++++ Given records ++++

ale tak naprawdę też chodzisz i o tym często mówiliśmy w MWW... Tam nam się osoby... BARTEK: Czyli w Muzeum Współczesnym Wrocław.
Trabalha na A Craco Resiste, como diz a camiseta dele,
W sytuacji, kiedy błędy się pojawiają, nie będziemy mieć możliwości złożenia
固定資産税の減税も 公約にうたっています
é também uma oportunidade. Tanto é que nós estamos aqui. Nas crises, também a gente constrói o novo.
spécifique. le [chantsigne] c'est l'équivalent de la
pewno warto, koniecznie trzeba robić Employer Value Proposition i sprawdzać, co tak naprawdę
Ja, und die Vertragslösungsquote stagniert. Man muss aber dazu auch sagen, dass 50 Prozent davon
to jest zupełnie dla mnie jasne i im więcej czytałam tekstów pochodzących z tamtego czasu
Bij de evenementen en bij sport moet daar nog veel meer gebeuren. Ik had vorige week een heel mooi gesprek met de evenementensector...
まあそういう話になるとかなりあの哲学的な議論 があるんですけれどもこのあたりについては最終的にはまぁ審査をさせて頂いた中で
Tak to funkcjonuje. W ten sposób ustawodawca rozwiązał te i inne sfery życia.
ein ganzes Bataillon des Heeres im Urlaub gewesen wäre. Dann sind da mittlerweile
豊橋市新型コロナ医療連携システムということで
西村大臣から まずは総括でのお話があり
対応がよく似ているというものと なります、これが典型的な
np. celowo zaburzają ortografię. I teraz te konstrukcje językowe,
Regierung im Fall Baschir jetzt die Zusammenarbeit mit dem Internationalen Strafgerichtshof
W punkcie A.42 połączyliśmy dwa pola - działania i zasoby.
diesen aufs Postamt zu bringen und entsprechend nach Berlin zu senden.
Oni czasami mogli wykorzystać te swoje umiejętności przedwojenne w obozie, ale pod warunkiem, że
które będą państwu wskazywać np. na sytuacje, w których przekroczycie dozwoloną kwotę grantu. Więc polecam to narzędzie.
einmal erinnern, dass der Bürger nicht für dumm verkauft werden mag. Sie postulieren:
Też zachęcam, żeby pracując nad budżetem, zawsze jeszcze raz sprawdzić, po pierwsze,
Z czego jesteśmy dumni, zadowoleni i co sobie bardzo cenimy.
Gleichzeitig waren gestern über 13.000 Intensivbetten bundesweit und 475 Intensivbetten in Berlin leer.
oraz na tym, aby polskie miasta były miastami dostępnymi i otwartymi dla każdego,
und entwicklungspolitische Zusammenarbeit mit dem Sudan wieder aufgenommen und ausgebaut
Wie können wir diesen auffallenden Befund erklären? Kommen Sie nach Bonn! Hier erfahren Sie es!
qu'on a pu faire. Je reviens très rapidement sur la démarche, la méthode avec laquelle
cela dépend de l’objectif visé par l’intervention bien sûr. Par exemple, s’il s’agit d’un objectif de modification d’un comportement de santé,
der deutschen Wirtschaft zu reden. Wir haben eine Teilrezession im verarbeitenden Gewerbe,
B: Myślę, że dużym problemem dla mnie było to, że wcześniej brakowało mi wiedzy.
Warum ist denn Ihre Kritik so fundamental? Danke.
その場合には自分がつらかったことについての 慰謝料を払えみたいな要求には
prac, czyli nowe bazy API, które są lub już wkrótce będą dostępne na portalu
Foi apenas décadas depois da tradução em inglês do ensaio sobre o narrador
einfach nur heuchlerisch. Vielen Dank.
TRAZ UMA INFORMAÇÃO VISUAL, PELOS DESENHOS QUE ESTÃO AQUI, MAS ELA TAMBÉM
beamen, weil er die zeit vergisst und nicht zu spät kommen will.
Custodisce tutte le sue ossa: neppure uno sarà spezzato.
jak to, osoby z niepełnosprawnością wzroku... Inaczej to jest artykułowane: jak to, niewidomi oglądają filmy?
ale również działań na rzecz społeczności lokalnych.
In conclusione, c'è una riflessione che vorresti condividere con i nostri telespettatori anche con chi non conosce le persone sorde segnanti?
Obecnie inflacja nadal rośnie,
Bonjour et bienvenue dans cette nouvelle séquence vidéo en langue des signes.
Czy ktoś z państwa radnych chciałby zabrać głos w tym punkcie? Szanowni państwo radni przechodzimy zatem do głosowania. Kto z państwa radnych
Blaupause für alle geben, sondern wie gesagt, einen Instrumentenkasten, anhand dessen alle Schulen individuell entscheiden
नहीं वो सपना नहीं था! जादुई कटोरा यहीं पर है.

++++

Reproduce, word for word and in full, only the lines above that start at the line with "Gleichzeitig waren gestern" and run through the line with "B: Myślę, że", both ends included.

Gleichzeitig waren gestern über 13.000 Intensivbetten bundesweit und 475 Intensivbetten in Berlin leer.
oraz na tym, aby polskie miasta były miastami dostępnymi i otwartymi dla każdego,
und entwicklungspolitische Zusammenarbeit mit dem Sudan wieder aufgenommen und ausgebaut
Wie können wir diesen auffallenden Befund erklären? Kommen Sie nach Bonn! Hier erfahren Sie es!
qu'on a pu faire. Je reviens très rapidement sur la démarche, la méthode avec laquelle
cela dépend de l’objectif visé par l’intervention bien sûr. Par exemple, s’il s’agit d’un objectif de modification d’un comportement de santé,
der deutschen Wirtschaft zu reden. Wir haben eine Teilrezession im verarbeitenden Gewerbe,
B: Myślę, że dużym problemem dla mnie było to, że wcześniej brakowało mi wiedzy.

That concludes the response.